RIGA - The European Commission on June 29 proposed introducing EU sales and financial services taxes as part of an overhaul for the next EU budget, reports AFP. The suggestion received instant criticism from Britain. A Downing Street spokesperson slammed the trillion-euro 2014-2020 budget for an “unrealistic” increase and emphasized that Britain will also oppose the new EU taxes which will introduce additional burdens for business and damage EU competitiveness.
The bombshell proposals from EC President Jose Manuel Barroso aim to allow the bloc’s executive arm to raise its own funds rather than depend so heavily on funding from the EU member states.
The European Union needs “an innovative budget” where “every euro spent reaches its target,” pointed out Barroso as he presented the outline of the next seven-year budget, totaling 1.02 trillion euros in commitments.
According to the plan, the revenue raised directly through new measures such as EU VAT and a financial transactions tax would reach 30 billion euros per year and cover more than 40 percent of the EU budget, said European Commissioner for Financial Programming and the Budget Janusz Lewandowski.
Contributions from member states, which currently account for 76 percent of total revenue, would drop to around one-third. The remainder is funded through customs tariffs at the EU borders, a portion of VAT gathered by member states, and taxes paid by EU civil servants.
The new VAT would be levied across the 27-nation bloc, with a fixed one percentage point raised by governments and transferred directly to the EU from 2014.
To top up the EU executive’s ability to levy resources, the commission suggested a ‘Tobin’-style tax on financial transactions in Europe - likely to be opposed by Britain, France and Germany, which favor an international, rather than European, tax.

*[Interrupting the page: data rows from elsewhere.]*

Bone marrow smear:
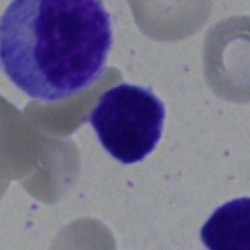

The cell shown is a typical lymphocyte.
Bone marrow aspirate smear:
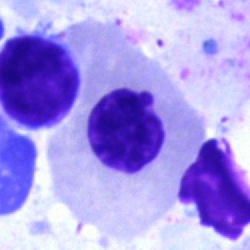 Q: What is the morphological classification of this cell?
A: It is a normoblast.
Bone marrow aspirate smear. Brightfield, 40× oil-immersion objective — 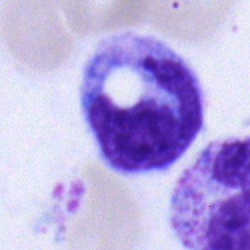Showing a monocyte.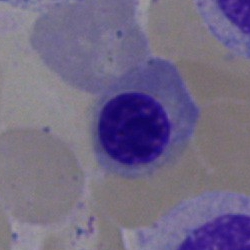

This is a normoblast.
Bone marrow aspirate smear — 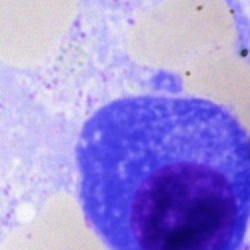Impression — plasmacyte.
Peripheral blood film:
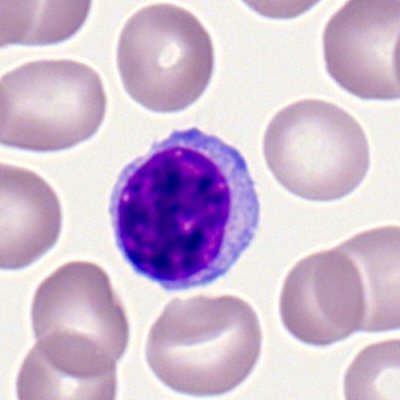

Showing a typical lymphocyte.
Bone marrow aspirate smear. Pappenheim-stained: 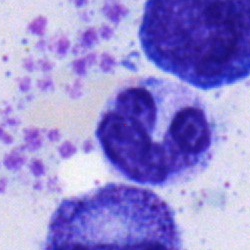

Q: Identify the cell.
A: Neutrophil (band).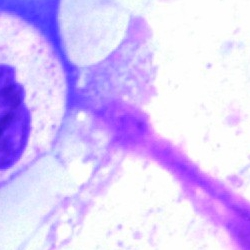Artifact.
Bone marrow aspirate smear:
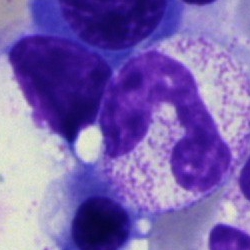This is a segmented neutrophil.
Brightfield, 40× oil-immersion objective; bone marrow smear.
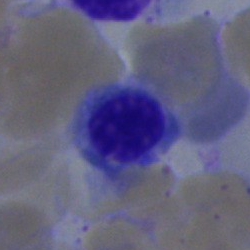Classification — normoblast.
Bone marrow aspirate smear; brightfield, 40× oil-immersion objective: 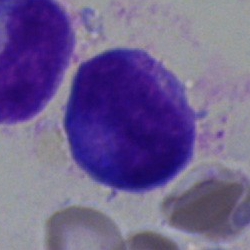 Single cell identified as a progranulocyte.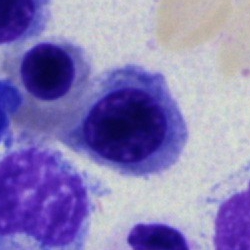 Showing a nucleated red cell.
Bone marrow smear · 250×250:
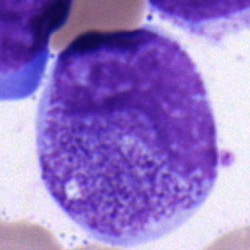 Cell: promyelocyte.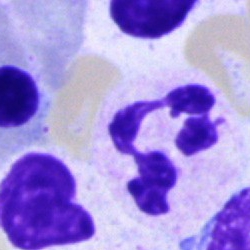
Cell — neutrophil (segmented).
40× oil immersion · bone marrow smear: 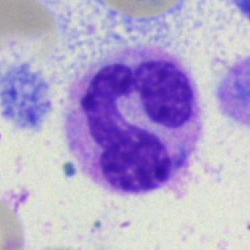

Impression — segmented neutrophil.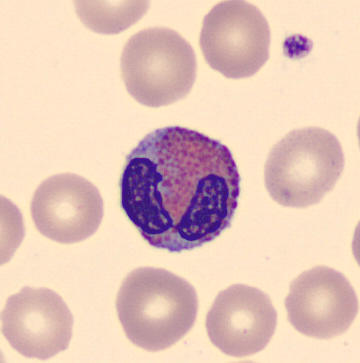
Acquisition: MGG-stained. Peripheral blood film. This is an eosinophil.
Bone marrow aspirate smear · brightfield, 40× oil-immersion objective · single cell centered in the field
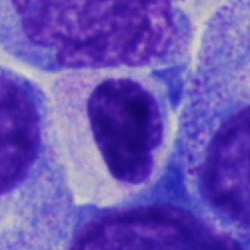

Morphology consistent with a band-form neutrophil.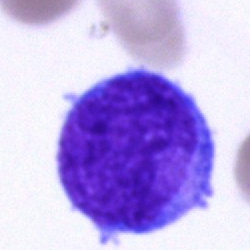
Classification: blast.
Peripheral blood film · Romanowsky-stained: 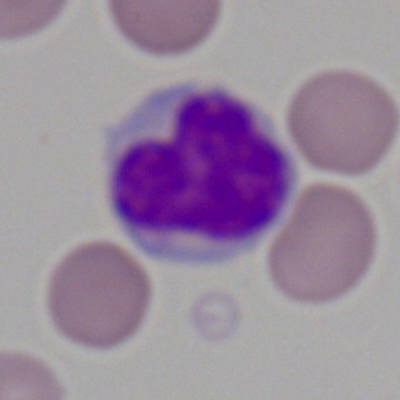 Morphology consistent with a lymphocyte.
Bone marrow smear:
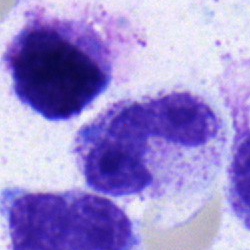This is a stab cell.
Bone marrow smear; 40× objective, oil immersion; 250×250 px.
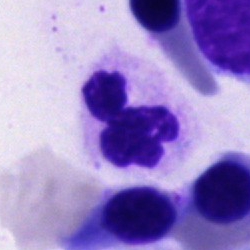

Morphological class — polymorphonuclear neutrophil.
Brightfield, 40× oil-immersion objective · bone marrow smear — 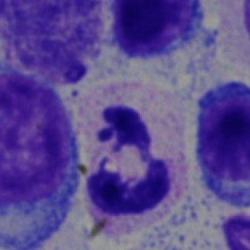Q: What cell is this?
A: It is a neutrophil (segmented).
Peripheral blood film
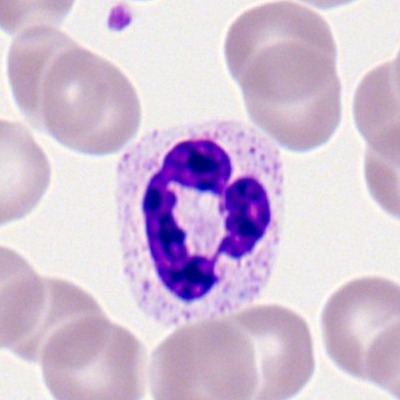
Single cell identified as a segmented neutrophil.
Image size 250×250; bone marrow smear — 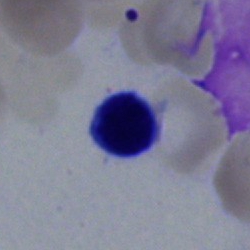 Morphological class = lymphocyte.
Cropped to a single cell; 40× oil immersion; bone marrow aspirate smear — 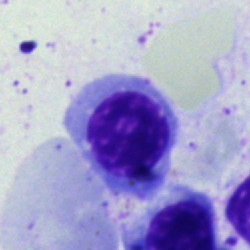
The cell is normoblast.
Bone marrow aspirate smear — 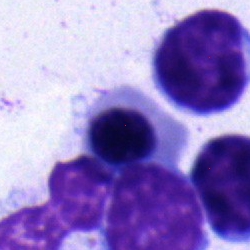
Normoblast.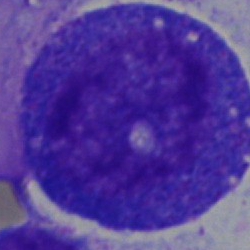
Bone marrow aspirate smear, single cell — progranulocyte.
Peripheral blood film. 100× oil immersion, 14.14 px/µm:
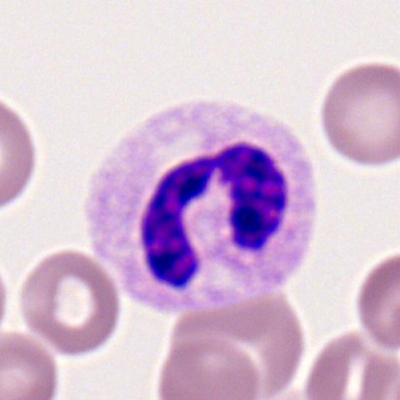
Morphology consistent with a polymorphonuclear neutrophil.
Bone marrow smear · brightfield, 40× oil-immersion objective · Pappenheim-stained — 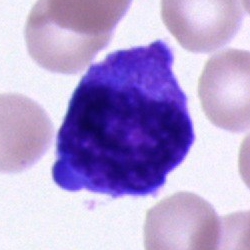Q: What cell is this?
A: An unidentifiable cell.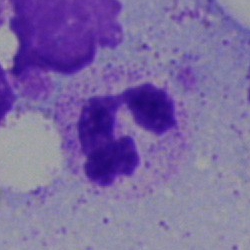
The cell shown is a polymorphonuclear neutrophil.
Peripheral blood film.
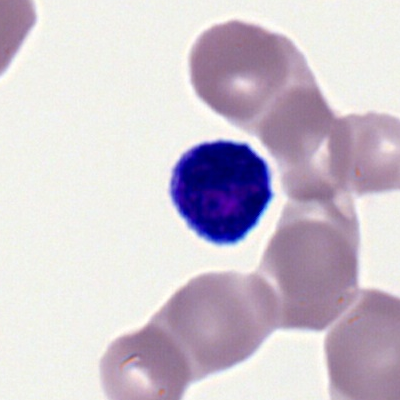Morphology consistent with a typical lymphocyte.
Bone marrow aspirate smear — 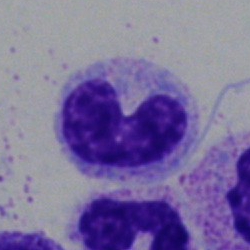
{"cell_type": "band-form neutrophil"}
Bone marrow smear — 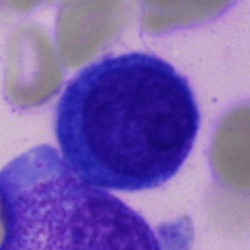 The morphological class is blast cell.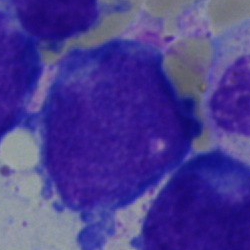 The cell type is blast.
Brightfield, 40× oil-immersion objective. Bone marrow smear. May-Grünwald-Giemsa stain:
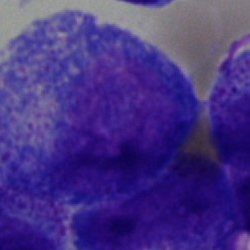
A promyelocyte.
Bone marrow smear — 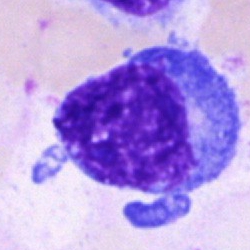

This is a blast cell.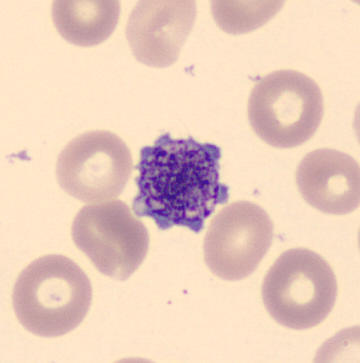Image: Peripheral blood film. 360×363.
Impression → platelet (thrombocyte).
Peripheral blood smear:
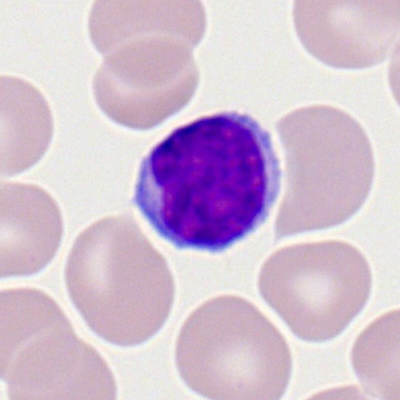

Cell — lymphocyte.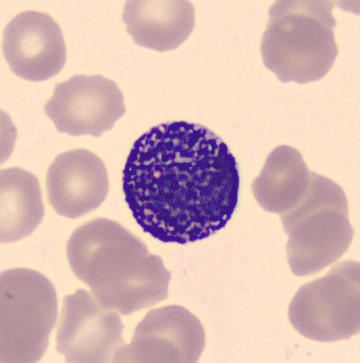

Peripheral blood film, single cell — basophilic granulocyte.

“We think that this should be done on a global level,” said a British diplomat.
Rowing over the budget is likely to continue until 2012, with the European parliament also likely to step in with its opinion on spending.
Compared to the current 2007-2013 budget, Brussels is suggesting a five percent hike.
Barroso, who also announced a change in spending priorities, said “all governments want Europe to do more.” He said that less cash would go to the Common Agricultural Policy, in favor of trans-EU networks, telecommunications and transport.
The proposed budget “contains some good ideas on simplification, re-prioritization of spending and new sources of revenue,” said analyst Sony Kapoor.
But the Commission also stepped into contentious ground by suggesting a sweeping reform of EU ‘rebates,’ the system of paybacks to certain member states which notably include a huge rebate to London negotiated decades back by Margaret Thatcher.
She had argued in the mid-1980s that “I want my money back” because Britain was paying too much in comparison to its wealth, while much of the budget went to farmers on the continent, especially in France, with little to London.
Scrapping rebates for “a lump sum” would also affect Germany, the Netherlands, Austria and Sweden. “London will continue to protect the rebate. Without it, the UK’s net contribution as a percentage of national income would be the largest across the EU, twice as large as France’s and Italy’s, and almost one and a half times bigger than Germany’s,” said the representative of Downing Street.